Scan the material for the string "input" and copy out every line in which it occurs.

---------- ENTRIES SUPPLIED

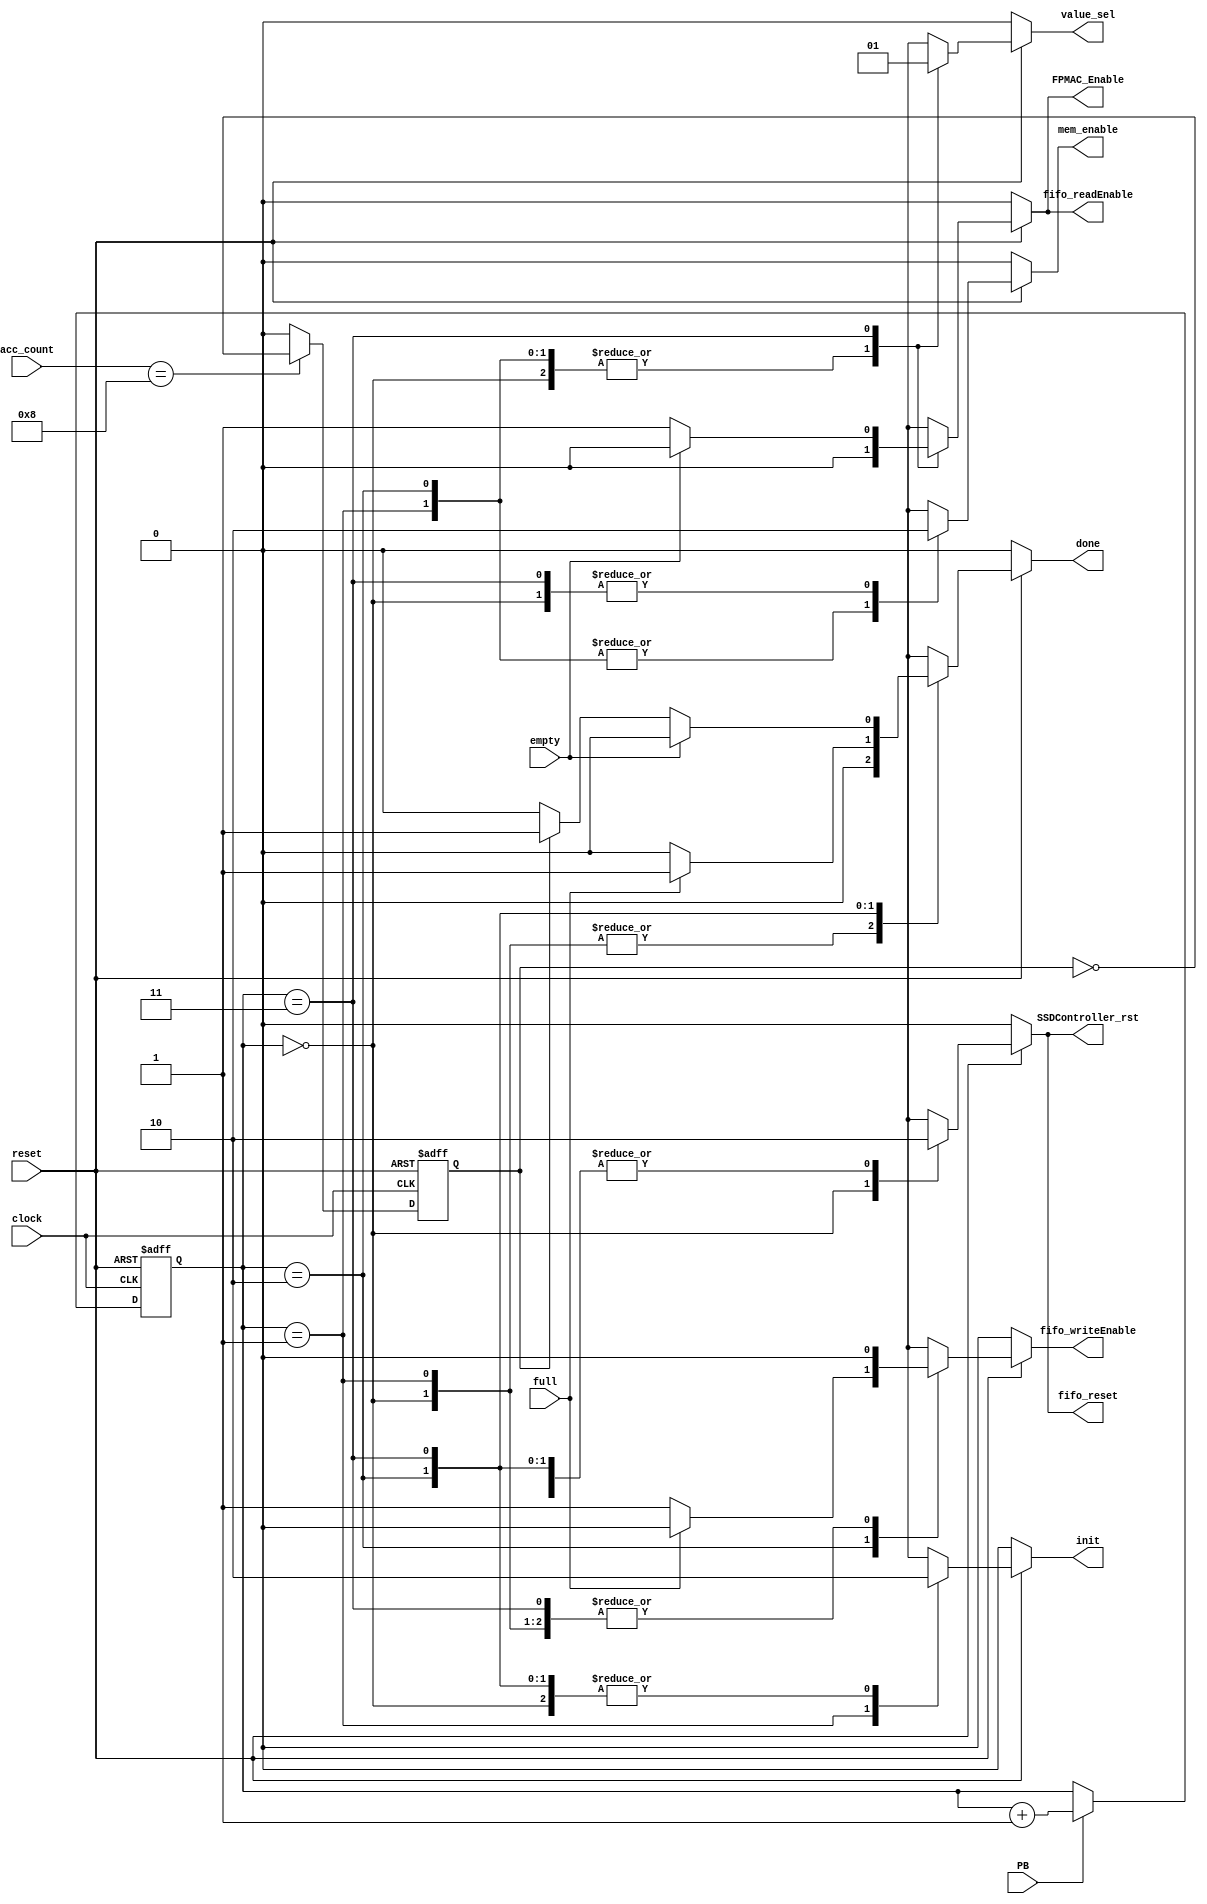
module fsm_controller(
    input clock,
    input reset,
    input PB,
    input full,
    input empty,
//    output mem_reset,
    output reg mem_enable,
    output reg fifo_reset,
    output reg fifo_writeEnable,
    output reg fifo_readEnable,
    output reg FPMAC_Enable,
    input [3:0] acc_count,
    output reg SSDController_rst,
//    output SSDController_en,
    output reg init,
    output reg done,
    output reg value_sel     //0-> mem rdata, 1-> fpmac result
);

    reg [1:0] state, prev_state; 
    reg blink;
//    reg hold_state;

    always@(posedge clock, negedge reset) begin
        if(!reset) begin
            prev_state   <= 0;
            state        <= 0;
            blink        <= 0;
        end else begin
            prev_state   <= state;
            if(PB) state <= state + 1;  //next state logic
            if(acc_count == 4'd8) 
                blink        <= ~blink;
            else blink = 0;
        end
    end

    always@(*) begin
        if(!reset) begin
 //           mem_reset           = 1'b0;
            mem_enable          = 1'b0;
            fifo_reset          = 1'b0;
            fifo_writeEnable    = 1'b0;
            fifo_readEnable     = 1'b0;
            FPMAC_Enable        = 1'b0;
            SSDController_rst   = 1'b0;
            init                = 1'b0;
            done                = 1'b0;
            value_sel           = 1'b0;
        end else begin
//            mem_reset           = 1'b0;
            mem_enable          = 1'b0;
            fifo_reset          = 1'b0;
            fifo_writeEnable    = 1'b0;
            fifo_readEnable     = 1'b0;
            FPMAC_Enable        = 1'b0;
            SSDController_rst   = 1'b0;
            init                = 1'b0;
            done                = 1'b0;
            value_sel           = 1'b0;

            case(state)
                2'b0: begin  //Reset State
                    SSDController_rst = 1;
//                    if(state != prev_state) begin
//                        mem_reset   = 1; 
                        fifo_reset  = 1;
//                    end else begin
//                        mem_reset   = 0;
//                        fifo_reset  = 0;
//                    end
                end
                2'b1: begin //SRAM init state
                    mem_enable  = 1;
                    init = 1;
                end
                2'd2: begin //FIFO Load state
                    mem_enable  = 1;
                    //value_sel = 0; 
                    if(!full)
                        fifo_writeEnable = 1;
                    else
                        done = 1; 
                end
                2'd3: begin //MAC state
                    value_sel = 1;
                    if(!empty) begin
                        fifo_readEnable = 1;
                        FPMAC_Enable    = 1;
                    if(blink)
                        done = 1;
                    else done = 0;
                    end
                end
            endcase

        end
    end

endmodule
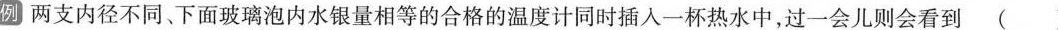
例 两支内径不同、下面玻璃泡内水银量相等的合格的温度计同时插入一杯热水中，过一会儿则会看到（）
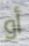
أو
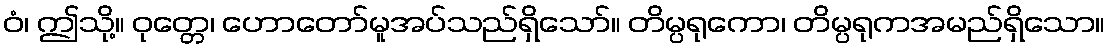
ဝံ၊ ဤသို့။ ဝုတ္တေ၊ ဟောတော်မူအပ်သည်ရှိသော်။ တိမ္ပရုကော၊ တိမ္ပရုကအမည်ရှိသော။
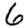
Digit: 6
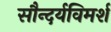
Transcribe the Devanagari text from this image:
सौन्दर्यविमर्श
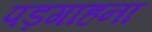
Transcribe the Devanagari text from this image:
पड़गाहना
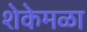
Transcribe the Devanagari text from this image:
शेकेमळा
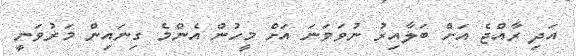
އަދި ރާއްޖެ އަށް ބަލާއިރު ނުވަވަނަ އަށް މީހުން އެންމެ ގިނައިން މަރުވަނީ
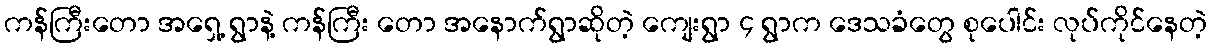
ကန်ကြီးတော အရှေ့ ရွာနဲ့ ကန်ကြီး တော အနောက်ရွာဆိုတဲ့ ကျေးရွာ ၄ ရွာက ဒေသခံတွေ စုပေါင်း လုပ်ကိုင်နေတဲ့
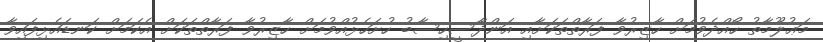
މަޢުލޫމާތު ހޯއްދެވުމަށް ހާޒިރުވާ ފަރާތްތަކަށާއި އަންދާސީހިސާބު ހުށަހެޅުއްވުމަށް ހާޒިރުވާ ފަރާތްތަކަށް އެކަމަށް ކަނޑައެޅިފައިވާ
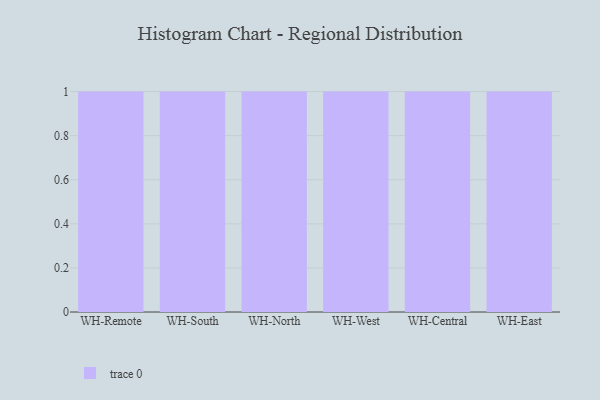
{"axis": {"x": "Warehouse", "y": "Latency (ms)"}, "legend": [""], "data": [{"x": "WH-Remote", "y": 42, "type": ""}, {"x": "WH-South", "y": 5, "type": ""}, {"x": "WH-North", "y": 58, "type": ""}, {"x": "WH-West", "y": 63, "type": ""}, {"x": "WH-Central", "y": 41, "type": ""}, {"x": "WH-East", "y": 58, "type": ""}]}
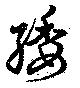
緌
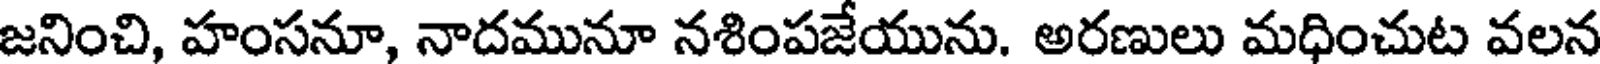
జనించి, హంసనూ, నాదమునూ నశింపజేయును. అరణులు మధించుట వలన
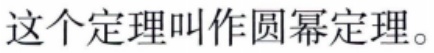
这个定理叫作圆幂定理。
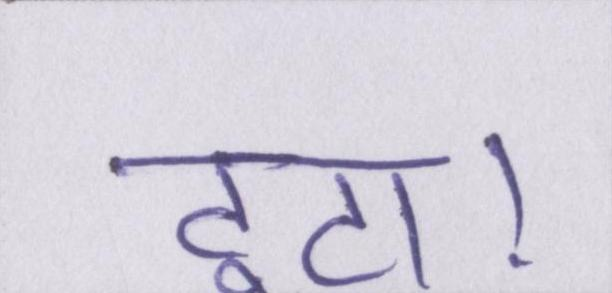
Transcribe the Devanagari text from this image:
टूटा।
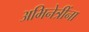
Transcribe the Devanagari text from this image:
अभिनेत्रींना
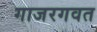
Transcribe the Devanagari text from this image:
गाजरगवत
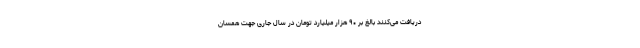
دریافت می‌کنند بالغ بر ۹۰ هزار میلیارد تومان در سال جاری جهت همسان
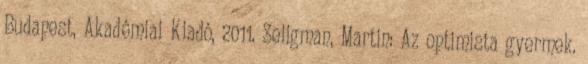
Budapest, Akadémiai Kiadó, 2011. Seligman, Martin: Az optimista gyermek.
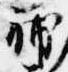
補
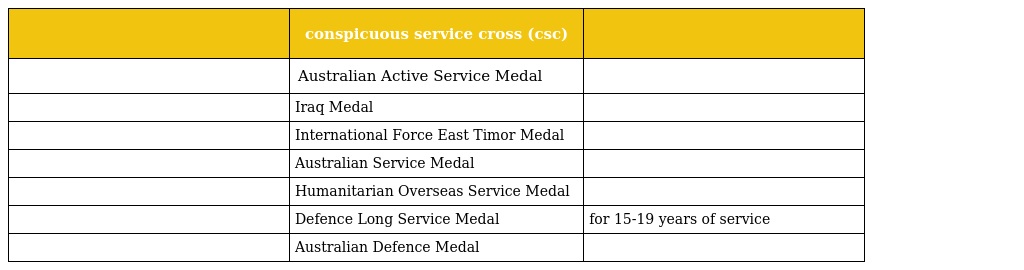
|  | conspicuous service cross (csc) |  |
 | --- | --- | --- |
 |  | Australian Active Service Medal |  |
 |  | Iraq Medal |  |
 |  | International Force East Timor Medal |  |
 |  | Australian Service Medal |  |
 |  | Humanitarian Overseas Service Medal |  |
 |  | Defence Long Service Medal | for 15-19 years of service |
 |  | Australian Defence Medal |  |
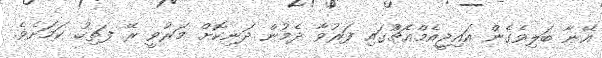
އޭނާ ބަލިވެގެން އައިޖީއެމްއެޗްުގައި ފަރުވާ ދެމުން ދަނިކޮށް މަރުވީ ރޭ ފަތިހު ކަމަށެވެ.
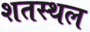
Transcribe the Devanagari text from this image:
शतस्थल
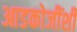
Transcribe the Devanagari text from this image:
आडकोजींशी
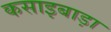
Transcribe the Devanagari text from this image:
कसाइबाड़ा
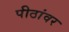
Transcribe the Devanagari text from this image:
पीठांवर
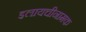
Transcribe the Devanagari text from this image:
इलायचीनामक
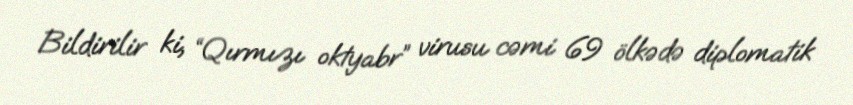
Bildirilir ki, “Qırmızı oktyabr” virusu cəmi 69 ölkədə diplomatik
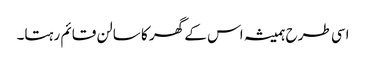
اسی طرح ہمیشہ اس کے گھر کا سالن قائم رہتا۔
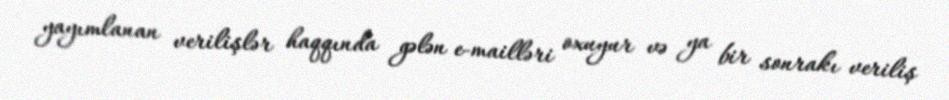
yayımlanan verilişlər haqqında gələn e-mailləri oxuyur və ya bir sonrakı veriliş
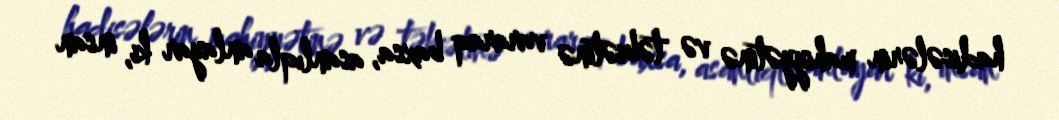
hadisələrin mahiyyətinə və təbiətinə vararaq baxsa, asanlıqla anlayar ki, insan
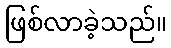
ဖြစ်လာခဲ့သည်။
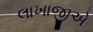
લાખાજીએ
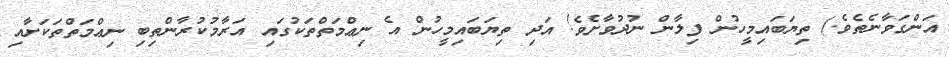
އަންގަވާނެތެވެ.) ތިޔަބައިމީހުން ފިލާން ނުދުވާށެވެ! އަދި ތިޔަބައިމީހުން އެ ނިޢްމަތްތަކުގައި އަރާމުކުރާންތިބި ނިޢްމަތްތަކަށާއި
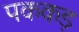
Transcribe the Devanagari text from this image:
पककड़
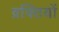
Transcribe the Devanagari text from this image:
व्रक्तियों
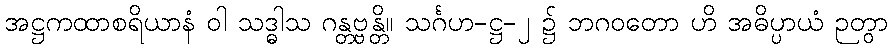
အဋ္ဌကထာစရိယာနံ ဝါ သဒ္ဓါသ ဂန္တဗ္ဗန္တိ။ သင်္ဂဟ-ဋ္ဌ-၂ ၌ ဘဂဝတော ဟိ အဓိပ္ပာယံ ဉတွာ
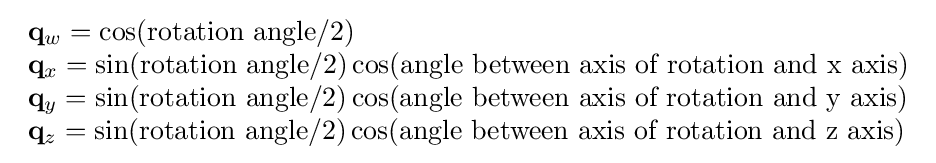
{\begin{array}{lcr}\mathbf {q} _{w}=\cos({\text{rotation angle}}/2)\\\mathbf {q} _{x}=\sin({\text{rotation angle}}/2)\cos({\text{angle between axis of rotation and x axis}})\\\mathbf {q} _{y}=\sin({\text{rotation angle}}/2)\cos({\text{angle between axis of rotation and y axis}})\\\mathbf {q} _{z}=\sin({\text{rotation angle}}/2)\cos({\text{angle between axis of rotation and z axis}})\end{array}}
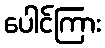
ပေါင်ကြား
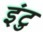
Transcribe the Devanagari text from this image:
इंटु
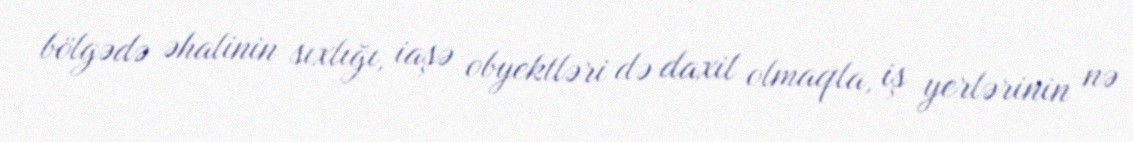
bölgədə əhalinin sıxlığı, iaşə obyektləri də daxil olmaqla, iş yerlərinin nə
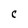
Character: C
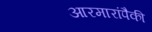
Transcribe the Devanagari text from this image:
आरमारांपैकी
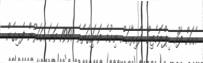
އެއަށް ފަހު ޑިޕްލޮމެޓިކް ދާއިރާއަށް ނިކުމެ ވަޑައިގަތެވެ. 1991 ވަނަ އަހަރުން ފެށިގެން
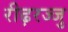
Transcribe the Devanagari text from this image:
रीढ़रज्जु
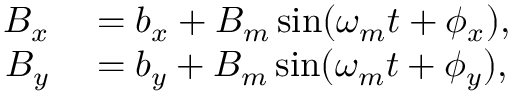
\begin{array} { r l } { B _ { x } } & { { } = b _ { x } + B _ { m } \sin ( \omega _ { m } t + \phi _ { x } ) , } \\ { B _ { y } } & { { } = b _ { y } + B _ { m } \sin ( \omega _ { m } t + \phi _ { y } ) , } \end{array}
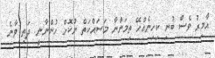
އާމިރު ވެސް ބުނި ކިހިނެއްހޭ ތިމަންނާ މަސައްކަތް ނުކޮށް ހުންނާނީ. ދަތި ވާނެ

--------------------

*TASK RESULT*:
    input clock,
    input reset,
    input PB,
    input full,
    input empty,
    input [3:0] acc_count,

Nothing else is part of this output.